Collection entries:
++++

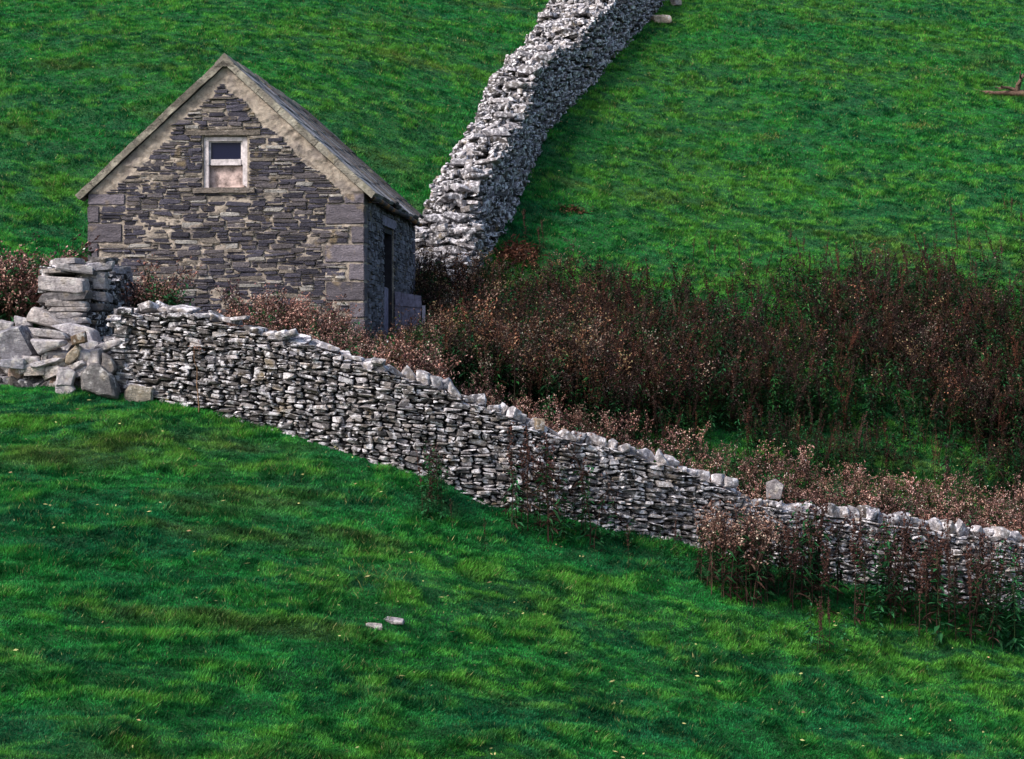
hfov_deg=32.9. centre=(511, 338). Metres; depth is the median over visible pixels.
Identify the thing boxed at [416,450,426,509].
leafy weed
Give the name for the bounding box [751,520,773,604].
seeded weed
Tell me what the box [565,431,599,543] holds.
leafy weed
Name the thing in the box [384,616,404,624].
stone
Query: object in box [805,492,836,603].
dock plant
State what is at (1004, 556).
dock plant
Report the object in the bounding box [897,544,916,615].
dock plant
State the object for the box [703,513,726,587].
seeded weed
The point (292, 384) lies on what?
dry stone wall
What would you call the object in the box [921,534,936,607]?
dock plant
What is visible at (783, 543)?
seeded weed
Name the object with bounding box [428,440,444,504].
leafy weed
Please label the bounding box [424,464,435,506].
leafy weed
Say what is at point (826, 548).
dock plant
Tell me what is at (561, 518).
leafy weed
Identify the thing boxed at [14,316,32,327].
fallen stone
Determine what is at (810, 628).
dock plant
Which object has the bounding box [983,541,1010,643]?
dock plant
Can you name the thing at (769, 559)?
seeded weed
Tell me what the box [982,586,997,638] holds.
dock plant
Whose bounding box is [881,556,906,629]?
dock plant
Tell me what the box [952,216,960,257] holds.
dock plant
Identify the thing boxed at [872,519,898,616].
dock plant
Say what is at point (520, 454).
leafy weed
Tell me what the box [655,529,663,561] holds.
leafy weed
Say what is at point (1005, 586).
dock plant
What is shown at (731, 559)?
seeded weed
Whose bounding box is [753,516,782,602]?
seeded weed
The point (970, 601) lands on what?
dock plant
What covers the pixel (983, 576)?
dock plant
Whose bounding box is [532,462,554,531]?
leafy weed
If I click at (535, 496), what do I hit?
leafy weed
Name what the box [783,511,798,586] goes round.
dock plant
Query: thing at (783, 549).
seeded weed
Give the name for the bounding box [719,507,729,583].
seeded weed
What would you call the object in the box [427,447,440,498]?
leafy weed
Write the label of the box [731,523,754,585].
seeded weed
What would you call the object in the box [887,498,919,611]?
dock plant
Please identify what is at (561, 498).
leafy weed
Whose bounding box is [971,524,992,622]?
dock plant
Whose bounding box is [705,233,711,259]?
dock plant
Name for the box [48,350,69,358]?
fallen stone
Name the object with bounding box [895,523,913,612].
dock plant
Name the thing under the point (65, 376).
fallen stone
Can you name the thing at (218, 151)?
window
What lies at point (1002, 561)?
dock plant
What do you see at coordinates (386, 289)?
half door
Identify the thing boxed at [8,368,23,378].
fallen stone
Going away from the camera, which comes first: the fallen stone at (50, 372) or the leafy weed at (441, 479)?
the leafy weed at (441, 479)
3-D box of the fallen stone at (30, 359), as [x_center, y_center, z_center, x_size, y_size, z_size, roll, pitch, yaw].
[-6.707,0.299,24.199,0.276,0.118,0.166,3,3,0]
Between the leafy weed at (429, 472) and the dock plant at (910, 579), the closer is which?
the leafy weed at (429, 472)
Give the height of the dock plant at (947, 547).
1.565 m
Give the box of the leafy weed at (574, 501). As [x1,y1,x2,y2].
[568,479,581,531]
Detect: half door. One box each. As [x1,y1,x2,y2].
[383,287,387,341]
[395,292,424,337]
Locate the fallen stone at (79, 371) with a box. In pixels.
[75,365,86,378]
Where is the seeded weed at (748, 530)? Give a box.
[743,510,758,577]
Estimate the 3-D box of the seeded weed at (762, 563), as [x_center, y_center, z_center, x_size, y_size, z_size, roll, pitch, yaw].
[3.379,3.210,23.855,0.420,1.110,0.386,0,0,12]
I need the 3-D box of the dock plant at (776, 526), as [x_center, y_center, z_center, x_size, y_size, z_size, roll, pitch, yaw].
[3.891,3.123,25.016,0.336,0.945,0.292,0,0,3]
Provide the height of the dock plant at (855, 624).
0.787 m
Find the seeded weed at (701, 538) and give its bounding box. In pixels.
[693,505,707,574]
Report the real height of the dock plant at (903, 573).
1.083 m
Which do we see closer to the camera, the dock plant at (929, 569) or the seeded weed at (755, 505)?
the seeded weed at (755, 505)
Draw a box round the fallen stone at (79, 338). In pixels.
[70,331,87,344]
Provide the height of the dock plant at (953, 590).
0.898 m
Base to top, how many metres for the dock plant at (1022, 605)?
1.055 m
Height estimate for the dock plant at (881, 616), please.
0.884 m
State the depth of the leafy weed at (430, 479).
22.80 m
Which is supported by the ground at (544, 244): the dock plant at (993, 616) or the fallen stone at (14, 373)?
the dock plant at (993, 616)
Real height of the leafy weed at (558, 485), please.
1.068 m
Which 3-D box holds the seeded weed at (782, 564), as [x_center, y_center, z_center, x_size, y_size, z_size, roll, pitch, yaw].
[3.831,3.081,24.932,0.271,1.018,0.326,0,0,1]
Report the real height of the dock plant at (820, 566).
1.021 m
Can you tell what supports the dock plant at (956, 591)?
on the ground at (544, 244)
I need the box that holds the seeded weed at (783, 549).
[773,524,787,580]
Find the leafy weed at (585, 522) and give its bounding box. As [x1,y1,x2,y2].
[575,457,600,542]
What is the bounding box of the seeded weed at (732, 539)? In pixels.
[726,513,745,574]
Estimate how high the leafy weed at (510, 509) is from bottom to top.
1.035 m
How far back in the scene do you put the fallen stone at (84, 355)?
24.13 m
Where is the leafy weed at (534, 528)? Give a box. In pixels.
[528,490,539,530]
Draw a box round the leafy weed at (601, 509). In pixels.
[590,472,614,550]
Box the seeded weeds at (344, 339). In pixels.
[211,279,472,390]
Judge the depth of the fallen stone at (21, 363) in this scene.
24.09 m
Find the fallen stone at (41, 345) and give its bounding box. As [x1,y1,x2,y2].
[30,338,67,354]
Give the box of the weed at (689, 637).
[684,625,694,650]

++++

▶ Description of the task: Your output should be an exact copy of every line from the one containing "Judge the depth" through the end of the records.

▶ Final answer:
Judge the depth of the fallen stone at (21, 363) in this scene.
24.09 m
Find the fallen stone at (41, 345) and give its bounding box. As [x1,y1,x2,y2].
[30,338,67,354]
Give the box of the weed at (689, 637).
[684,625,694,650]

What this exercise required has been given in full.